'''
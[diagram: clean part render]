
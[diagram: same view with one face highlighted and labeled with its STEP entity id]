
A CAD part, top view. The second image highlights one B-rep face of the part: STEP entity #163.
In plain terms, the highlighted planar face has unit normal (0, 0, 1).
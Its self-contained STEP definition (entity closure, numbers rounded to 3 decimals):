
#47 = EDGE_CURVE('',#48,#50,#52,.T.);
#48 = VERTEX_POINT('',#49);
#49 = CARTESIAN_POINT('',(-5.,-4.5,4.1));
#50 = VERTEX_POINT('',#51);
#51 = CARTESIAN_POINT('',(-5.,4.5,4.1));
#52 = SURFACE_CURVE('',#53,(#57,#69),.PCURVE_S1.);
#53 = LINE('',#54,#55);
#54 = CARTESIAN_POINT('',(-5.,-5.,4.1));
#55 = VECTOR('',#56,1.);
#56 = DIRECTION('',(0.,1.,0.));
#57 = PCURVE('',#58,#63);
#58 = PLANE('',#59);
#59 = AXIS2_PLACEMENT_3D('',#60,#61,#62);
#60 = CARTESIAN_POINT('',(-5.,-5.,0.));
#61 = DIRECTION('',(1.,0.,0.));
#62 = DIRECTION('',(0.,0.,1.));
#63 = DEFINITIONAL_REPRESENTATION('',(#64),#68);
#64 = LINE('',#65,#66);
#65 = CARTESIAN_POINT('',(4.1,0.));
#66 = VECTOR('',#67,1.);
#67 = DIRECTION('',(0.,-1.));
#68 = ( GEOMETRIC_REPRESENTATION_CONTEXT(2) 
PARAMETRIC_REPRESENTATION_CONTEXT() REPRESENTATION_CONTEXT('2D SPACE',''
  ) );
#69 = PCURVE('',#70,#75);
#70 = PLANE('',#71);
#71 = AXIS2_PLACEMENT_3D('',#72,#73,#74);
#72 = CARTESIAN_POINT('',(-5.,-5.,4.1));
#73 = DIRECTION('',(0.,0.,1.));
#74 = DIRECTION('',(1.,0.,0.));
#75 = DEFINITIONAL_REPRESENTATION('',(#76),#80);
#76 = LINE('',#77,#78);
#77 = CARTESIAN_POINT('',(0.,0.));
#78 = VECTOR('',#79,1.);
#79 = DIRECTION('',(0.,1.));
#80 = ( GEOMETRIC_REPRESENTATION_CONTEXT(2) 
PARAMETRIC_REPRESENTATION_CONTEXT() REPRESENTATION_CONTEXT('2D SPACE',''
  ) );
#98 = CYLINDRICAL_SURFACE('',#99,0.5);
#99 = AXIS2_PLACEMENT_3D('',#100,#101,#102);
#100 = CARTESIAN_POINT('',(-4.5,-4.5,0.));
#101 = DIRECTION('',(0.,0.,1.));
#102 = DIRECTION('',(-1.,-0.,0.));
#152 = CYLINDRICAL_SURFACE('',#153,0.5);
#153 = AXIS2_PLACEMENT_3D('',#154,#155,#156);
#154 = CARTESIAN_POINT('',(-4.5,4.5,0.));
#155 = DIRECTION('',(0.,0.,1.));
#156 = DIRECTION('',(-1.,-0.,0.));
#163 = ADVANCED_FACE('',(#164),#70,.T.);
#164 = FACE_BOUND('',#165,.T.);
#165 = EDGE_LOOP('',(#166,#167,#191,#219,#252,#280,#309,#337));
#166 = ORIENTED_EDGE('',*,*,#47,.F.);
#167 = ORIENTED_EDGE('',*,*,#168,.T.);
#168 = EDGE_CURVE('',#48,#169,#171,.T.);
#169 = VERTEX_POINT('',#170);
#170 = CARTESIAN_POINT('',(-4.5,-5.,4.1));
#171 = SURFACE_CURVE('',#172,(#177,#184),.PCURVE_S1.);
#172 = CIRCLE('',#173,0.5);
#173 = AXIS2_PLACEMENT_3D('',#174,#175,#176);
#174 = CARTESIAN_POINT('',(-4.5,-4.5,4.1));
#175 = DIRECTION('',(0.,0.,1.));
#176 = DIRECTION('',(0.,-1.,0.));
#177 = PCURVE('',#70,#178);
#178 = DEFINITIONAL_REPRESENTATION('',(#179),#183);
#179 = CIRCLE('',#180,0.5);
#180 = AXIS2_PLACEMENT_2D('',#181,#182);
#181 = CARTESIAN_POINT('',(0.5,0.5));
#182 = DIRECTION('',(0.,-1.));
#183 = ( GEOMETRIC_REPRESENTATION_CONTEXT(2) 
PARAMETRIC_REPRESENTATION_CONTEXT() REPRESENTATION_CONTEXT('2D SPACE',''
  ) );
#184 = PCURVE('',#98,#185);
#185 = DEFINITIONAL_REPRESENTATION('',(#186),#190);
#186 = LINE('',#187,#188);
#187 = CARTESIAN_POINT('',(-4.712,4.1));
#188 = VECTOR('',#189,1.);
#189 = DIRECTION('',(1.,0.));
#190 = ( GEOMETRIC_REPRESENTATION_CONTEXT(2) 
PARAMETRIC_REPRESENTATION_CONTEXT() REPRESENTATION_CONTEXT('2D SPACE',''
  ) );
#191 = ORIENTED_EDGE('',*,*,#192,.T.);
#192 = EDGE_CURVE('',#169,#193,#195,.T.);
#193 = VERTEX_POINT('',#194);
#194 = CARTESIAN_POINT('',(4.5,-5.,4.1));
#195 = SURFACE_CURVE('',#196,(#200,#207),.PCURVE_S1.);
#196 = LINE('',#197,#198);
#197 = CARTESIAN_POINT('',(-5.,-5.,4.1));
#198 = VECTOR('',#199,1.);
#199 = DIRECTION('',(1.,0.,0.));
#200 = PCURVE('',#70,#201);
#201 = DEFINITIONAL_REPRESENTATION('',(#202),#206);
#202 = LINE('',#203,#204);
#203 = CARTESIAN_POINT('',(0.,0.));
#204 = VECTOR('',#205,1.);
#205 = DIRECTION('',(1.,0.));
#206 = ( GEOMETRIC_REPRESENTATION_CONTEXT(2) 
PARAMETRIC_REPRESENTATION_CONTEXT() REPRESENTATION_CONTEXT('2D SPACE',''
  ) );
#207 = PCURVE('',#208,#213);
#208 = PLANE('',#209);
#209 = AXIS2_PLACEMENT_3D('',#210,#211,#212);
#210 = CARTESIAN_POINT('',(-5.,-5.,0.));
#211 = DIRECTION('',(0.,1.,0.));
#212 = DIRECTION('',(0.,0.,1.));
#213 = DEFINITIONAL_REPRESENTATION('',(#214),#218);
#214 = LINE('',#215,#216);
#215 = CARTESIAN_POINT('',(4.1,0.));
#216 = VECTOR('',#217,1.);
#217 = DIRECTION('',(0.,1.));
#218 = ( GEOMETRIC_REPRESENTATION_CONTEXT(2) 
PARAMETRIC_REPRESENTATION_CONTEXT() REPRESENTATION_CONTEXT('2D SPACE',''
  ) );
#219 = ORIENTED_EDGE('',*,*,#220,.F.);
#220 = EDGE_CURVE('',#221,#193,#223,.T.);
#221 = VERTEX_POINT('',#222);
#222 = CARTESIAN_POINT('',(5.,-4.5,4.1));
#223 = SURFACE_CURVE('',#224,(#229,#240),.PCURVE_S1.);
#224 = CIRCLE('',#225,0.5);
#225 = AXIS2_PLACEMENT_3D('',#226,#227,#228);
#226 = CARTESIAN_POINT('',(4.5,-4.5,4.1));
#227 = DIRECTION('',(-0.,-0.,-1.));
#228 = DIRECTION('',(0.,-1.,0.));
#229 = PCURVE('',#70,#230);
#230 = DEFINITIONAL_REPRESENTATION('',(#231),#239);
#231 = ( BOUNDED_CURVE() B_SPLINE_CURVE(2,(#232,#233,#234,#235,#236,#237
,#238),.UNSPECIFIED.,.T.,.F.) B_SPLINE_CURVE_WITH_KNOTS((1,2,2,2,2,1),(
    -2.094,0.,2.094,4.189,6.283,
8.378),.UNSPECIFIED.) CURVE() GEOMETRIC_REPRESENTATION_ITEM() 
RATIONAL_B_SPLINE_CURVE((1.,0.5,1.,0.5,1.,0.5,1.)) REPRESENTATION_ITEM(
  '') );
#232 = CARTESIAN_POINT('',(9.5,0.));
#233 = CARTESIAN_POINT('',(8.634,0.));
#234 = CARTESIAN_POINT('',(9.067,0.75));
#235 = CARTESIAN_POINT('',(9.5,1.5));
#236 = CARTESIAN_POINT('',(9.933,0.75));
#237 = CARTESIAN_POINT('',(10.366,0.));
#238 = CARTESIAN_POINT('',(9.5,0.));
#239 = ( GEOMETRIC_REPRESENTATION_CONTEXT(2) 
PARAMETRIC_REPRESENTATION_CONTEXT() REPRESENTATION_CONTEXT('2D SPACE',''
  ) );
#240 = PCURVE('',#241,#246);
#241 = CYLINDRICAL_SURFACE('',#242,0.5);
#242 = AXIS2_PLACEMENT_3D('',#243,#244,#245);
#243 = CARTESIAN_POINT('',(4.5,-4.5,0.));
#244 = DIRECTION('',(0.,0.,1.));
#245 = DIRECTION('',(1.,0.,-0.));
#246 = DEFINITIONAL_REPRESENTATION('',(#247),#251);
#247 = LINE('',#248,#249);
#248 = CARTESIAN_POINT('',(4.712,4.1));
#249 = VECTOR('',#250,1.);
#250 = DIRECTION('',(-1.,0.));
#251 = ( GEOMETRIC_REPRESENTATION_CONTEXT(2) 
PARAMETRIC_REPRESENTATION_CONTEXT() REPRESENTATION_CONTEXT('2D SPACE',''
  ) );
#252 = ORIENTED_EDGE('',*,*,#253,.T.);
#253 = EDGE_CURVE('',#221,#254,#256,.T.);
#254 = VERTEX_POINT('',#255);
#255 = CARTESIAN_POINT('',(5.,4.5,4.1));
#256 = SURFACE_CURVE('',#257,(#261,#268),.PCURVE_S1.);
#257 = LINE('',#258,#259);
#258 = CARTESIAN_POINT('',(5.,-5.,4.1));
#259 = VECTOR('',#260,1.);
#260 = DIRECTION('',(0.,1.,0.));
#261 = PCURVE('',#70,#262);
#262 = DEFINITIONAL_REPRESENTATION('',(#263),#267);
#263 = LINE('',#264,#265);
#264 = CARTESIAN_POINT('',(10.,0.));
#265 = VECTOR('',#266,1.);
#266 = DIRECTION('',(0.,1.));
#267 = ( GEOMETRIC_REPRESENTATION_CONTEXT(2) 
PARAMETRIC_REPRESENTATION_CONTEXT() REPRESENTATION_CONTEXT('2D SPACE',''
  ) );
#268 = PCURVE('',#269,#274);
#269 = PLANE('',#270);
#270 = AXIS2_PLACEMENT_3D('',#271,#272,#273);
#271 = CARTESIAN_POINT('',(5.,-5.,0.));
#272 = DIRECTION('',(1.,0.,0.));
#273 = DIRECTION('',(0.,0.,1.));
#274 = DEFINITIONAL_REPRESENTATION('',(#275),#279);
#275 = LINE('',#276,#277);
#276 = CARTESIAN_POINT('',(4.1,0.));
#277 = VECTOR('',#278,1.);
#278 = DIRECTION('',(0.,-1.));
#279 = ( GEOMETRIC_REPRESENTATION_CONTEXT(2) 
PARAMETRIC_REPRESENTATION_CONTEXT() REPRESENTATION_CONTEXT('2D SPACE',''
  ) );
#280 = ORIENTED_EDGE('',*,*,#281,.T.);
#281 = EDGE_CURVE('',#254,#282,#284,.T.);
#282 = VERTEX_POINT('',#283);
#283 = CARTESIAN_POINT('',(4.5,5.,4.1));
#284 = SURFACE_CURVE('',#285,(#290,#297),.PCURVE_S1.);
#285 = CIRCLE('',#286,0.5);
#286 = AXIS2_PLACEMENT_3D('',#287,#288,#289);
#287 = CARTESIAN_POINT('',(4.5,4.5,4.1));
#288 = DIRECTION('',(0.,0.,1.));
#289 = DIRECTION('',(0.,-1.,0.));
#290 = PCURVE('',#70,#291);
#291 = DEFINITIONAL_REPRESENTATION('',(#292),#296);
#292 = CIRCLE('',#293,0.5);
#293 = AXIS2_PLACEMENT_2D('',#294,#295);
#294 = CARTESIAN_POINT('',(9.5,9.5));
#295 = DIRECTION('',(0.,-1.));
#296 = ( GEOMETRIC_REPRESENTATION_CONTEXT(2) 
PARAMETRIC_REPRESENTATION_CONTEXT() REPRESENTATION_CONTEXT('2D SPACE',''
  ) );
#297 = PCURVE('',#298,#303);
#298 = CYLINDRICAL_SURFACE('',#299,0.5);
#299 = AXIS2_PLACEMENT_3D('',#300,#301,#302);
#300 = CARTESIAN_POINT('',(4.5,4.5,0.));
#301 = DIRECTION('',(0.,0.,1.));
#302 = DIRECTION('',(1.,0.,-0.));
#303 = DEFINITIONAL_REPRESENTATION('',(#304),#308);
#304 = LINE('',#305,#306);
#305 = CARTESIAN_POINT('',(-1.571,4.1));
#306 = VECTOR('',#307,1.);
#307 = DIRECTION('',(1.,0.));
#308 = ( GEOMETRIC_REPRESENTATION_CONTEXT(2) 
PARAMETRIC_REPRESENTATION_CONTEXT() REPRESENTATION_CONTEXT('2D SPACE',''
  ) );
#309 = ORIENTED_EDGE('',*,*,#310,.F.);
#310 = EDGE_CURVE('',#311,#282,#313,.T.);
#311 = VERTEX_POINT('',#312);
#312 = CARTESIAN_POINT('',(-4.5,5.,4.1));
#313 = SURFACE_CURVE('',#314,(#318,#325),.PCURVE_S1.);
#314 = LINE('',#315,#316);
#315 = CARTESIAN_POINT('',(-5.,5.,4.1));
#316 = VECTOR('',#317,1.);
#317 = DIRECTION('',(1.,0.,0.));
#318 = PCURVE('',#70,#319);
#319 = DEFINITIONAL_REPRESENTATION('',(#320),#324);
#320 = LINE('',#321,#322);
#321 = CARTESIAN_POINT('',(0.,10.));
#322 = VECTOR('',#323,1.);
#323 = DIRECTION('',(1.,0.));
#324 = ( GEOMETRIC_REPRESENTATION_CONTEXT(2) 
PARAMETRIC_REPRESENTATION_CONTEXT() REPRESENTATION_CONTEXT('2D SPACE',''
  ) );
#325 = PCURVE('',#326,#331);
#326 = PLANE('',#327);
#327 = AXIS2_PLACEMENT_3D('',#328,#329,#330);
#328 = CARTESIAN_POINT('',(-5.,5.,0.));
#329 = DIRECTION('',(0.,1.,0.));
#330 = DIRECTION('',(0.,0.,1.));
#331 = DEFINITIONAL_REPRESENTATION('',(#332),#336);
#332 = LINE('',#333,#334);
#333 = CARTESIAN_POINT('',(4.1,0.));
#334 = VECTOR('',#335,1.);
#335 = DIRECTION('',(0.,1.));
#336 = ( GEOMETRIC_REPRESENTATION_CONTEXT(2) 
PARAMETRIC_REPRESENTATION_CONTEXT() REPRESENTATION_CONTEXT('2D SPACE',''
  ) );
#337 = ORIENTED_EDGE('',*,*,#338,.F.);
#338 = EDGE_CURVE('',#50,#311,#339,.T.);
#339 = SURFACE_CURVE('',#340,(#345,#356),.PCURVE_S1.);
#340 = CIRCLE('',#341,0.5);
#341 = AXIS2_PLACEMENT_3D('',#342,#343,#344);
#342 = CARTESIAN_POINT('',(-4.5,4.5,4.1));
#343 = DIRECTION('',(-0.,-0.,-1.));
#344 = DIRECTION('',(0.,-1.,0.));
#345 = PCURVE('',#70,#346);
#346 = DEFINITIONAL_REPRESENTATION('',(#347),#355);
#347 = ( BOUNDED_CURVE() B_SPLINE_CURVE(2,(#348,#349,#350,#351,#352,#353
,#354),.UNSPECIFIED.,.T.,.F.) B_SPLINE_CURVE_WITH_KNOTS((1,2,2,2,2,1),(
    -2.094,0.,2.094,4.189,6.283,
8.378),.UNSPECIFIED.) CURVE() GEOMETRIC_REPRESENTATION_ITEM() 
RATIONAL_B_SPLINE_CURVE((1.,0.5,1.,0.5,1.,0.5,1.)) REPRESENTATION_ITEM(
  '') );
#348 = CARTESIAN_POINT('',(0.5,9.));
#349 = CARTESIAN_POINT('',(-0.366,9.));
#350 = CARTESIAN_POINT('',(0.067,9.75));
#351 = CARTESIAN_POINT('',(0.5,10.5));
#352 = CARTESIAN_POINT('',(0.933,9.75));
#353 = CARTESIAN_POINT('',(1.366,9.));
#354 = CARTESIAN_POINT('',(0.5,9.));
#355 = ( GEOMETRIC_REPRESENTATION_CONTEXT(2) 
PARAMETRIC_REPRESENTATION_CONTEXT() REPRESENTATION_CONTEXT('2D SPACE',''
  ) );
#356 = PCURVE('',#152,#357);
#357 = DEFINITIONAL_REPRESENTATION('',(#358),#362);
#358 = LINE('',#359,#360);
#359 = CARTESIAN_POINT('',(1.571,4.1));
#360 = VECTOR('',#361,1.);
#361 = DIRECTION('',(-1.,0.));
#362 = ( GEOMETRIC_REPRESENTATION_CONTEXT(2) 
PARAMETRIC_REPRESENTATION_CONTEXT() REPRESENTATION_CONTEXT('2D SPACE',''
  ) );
'''
§ What the exercise asks:
How many lines of the material above contain the string "CIRCLE"? Answer with the number only.

§ Task output:
6